** Source data follows **
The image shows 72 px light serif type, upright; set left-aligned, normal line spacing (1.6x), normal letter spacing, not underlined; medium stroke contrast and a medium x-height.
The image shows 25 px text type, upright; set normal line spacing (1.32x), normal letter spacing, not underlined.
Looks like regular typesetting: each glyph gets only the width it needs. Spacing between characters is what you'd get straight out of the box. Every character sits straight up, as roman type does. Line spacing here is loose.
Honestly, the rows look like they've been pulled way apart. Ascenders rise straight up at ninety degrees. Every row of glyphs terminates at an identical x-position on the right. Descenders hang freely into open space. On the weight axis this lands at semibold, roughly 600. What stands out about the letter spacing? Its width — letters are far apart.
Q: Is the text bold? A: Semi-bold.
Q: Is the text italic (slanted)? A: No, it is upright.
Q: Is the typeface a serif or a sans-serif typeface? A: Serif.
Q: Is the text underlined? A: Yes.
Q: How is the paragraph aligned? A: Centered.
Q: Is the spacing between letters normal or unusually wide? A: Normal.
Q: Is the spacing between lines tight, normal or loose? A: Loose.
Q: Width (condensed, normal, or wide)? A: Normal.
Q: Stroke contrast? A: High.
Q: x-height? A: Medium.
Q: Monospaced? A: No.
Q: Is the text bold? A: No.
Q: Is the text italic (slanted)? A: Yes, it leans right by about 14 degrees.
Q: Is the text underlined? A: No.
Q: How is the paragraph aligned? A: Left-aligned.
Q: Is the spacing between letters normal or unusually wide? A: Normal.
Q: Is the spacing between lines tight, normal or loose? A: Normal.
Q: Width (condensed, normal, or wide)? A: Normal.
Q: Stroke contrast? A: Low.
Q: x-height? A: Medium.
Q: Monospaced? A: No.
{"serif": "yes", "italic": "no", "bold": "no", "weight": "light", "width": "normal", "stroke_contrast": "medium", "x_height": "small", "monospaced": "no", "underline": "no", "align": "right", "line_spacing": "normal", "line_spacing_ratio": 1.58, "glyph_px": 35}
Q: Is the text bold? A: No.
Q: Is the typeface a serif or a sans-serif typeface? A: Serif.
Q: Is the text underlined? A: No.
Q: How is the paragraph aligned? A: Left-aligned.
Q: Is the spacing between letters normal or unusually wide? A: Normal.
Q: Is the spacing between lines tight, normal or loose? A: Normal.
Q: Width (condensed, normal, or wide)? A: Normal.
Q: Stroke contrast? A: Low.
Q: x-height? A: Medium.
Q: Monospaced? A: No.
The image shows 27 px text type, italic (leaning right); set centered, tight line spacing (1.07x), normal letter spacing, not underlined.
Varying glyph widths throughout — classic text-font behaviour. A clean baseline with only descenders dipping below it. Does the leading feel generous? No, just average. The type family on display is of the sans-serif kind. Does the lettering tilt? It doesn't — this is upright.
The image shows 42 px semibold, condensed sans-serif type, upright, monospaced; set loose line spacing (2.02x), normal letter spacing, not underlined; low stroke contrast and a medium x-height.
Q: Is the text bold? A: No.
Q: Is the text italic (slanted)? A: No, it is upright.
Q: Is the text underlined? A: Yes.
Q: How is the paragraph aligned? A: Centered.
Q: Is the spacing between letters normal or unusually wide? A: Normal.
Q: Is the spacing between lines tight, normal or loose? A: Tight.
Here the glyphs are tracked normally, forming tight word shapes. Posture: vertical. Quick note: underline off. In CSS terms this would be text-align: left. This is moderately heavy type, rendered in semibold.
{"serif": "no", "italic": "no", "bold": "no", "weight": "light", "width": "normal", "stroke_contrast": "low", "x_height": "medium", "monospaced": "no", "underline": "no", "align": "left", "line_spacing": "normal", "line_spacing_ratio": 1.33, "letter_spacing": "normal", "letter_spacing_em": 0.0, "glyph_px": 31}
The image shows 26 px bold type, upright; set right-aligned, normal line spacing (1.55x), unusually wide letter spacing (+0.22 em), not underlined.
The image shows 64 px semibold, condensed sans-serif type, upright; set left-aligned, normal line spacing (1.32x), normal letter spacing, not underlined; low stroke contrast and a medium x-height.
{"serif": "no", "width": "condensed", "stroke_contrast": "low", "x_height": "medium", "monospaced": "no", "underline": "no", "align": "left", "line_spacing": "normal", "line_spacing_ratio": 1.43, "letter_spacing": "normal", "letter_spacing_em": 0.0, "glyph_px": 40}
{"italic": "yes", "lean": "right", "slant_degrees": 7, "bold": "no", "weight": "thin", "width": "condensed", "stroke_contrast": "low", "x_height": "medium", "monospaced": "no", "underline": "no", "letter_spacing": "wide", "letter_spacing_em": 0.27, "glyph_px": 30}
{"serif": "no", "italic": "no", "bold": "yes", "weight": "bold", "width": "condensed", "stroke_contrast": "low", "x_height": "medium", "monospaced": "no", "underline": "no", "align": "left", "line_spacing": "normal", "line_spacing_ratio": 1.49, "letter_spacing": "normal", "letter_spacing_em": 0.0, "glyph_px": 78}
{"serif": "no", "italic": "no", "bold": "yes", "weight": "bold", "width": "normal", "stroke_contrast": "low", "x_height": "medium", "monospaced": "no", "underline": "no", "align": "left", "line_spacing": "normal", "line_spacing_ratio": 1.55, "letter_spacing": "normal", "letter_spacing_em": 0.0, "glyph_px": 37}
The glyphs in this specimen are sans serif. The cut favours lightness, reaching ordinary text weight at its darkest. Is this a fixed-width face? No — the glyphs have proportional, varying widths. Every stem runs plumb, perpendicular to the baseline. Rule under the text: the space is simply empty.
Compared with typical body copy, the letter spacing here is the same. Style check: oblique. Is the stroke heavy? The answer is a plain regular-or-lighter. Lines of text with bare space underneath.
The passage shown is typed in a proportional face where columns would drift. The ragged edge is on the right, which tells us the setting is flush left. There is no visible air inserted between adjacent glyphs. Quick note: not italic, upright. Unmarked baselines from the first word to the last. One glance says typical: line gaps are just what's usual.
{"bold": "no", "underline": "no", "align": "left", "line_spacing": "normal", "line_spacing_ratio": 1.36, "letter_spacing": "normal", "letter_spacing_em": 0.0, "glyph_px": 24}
** End of Source data **
*Problem requirements*
Only a number is wanted. Count the lines of the data that contain "straight".

*Reply*
2